Langkah konkret yang akan didorong DPRD adalah memastikan seluruh kendaraan penerima Biosolar memiliki barcode. Data ini menjadi dasar verifikasi kuota kendaraan penerima subsidi sesuai ketentuan yang berlaku.

"Yang pertama kita minta dari pengusaha-pengusaha truk itu harus memiliki barcode dulu. Yang belum memiliki barcode segera nanti berhubungan dengan Pertamina," jelas Randy.

Kebijakan ini dinilai krusial untuk menjamin subsidi tepat sasaran dan mencegah potensi penyaluran ke kendaraan yang tidak berhak. Dewan menduga pendistribusian dari SPBU yang belum tepat sasaran menjadi penyebab utama kelangkaan di lapangan.

Pengusaha Logistik Terpaksa Pakai BBM Non-Subsidi

Ketua DPC Asosiasi Logistik dan Forwarder Indonesia (ALFI/ILFA) Tarakan, Efri, mengungkapkan kelangkaan Biosolar kerap terjadi mulai tanggal 26 hingga awal bulan berikutnya. Kondisi ini berdampak langsung pada operasional armada yang setiap hari mendukung distribusi barang dari pelabuhan.

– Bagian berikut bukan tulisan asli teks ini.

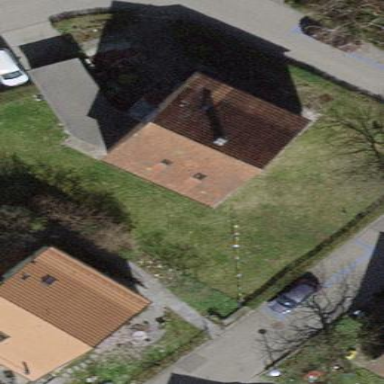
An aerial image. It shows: Building with tile roof.
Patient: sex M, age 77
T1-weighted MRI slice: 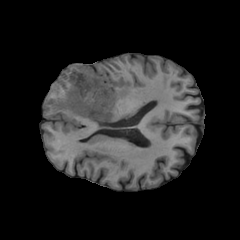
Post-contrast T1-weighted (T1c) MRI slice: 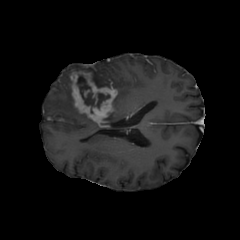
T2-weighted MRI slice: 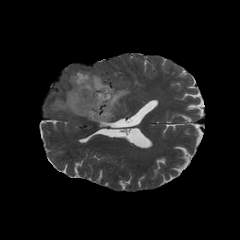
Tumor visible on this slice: yes
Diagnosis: Glioblastoma, IDH-wildtype
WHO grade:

"Informasi dari teman-teman yang biasa ngantri itu tanggal 26 ke atas kadang-kadang enggak ada. Sampai tanggal 1, tanggal 2. Nanti di awal bulan biasanya teman-teman koordinasi dengan SPBU, sudah ada belum BBM," sebutnya.

Ketika Biosolar tidak tersedia, pengusaha terpaksa menggunakan BBM non-subsidi agar kewajiban pengangkutan tetap berjalan. Efri menyebut sekitar 170 kendaraan terdaftar terdampak dan biaya operasional meningkat, meski pengusaha berupaya menahan agar tidak membebani tarif distribusi ke masyarakat.

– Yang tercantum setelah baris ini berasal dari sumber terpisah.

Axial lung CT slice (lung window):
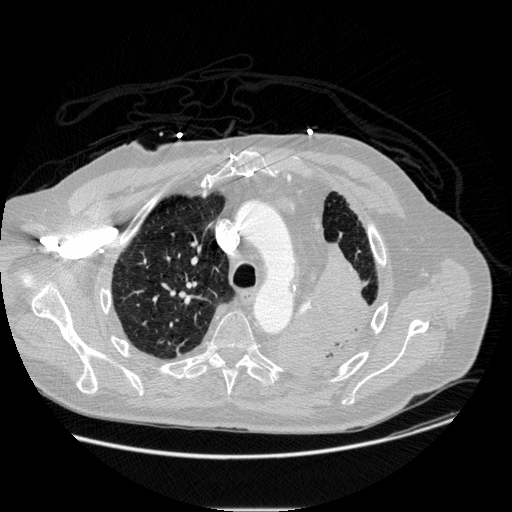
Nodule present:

Proyek Pembangunan Berpotensi Perparah Kebutuhan BBM

DPRD menilai persoalan ini semakin krusial karena kebutuhan BBM Tarakan diprediksi meningkat seiring berlangsungnya sejumlah proyek pembangunan, baik dari APBD maupun APBN. Dewan berencana berkoordinasi dengan organisasi perangkat daerah terkait untuk memeriksa komponen BBM dalam Rencana Anggaran Biaya (RAB) proyek.

"Yang penting kuota BBM kita cukup sehingga nanti proses pembangunannya itu tidak terhambat. Itu yang kita khawatirkan juga," tuturnya.

Monitoring terhadap distribusi Biosolar subsidi akan segera dilakukan bersama tim pengawasan untuk memastikan kelangkaan tidak berulang dan pembangunan di Tarakan tidak terganggu.

Reporter: Edi Wahyono
Sumber: benuanta.co.id This article was automatically rewritten by AI based on the source above without altering the facts of the original article.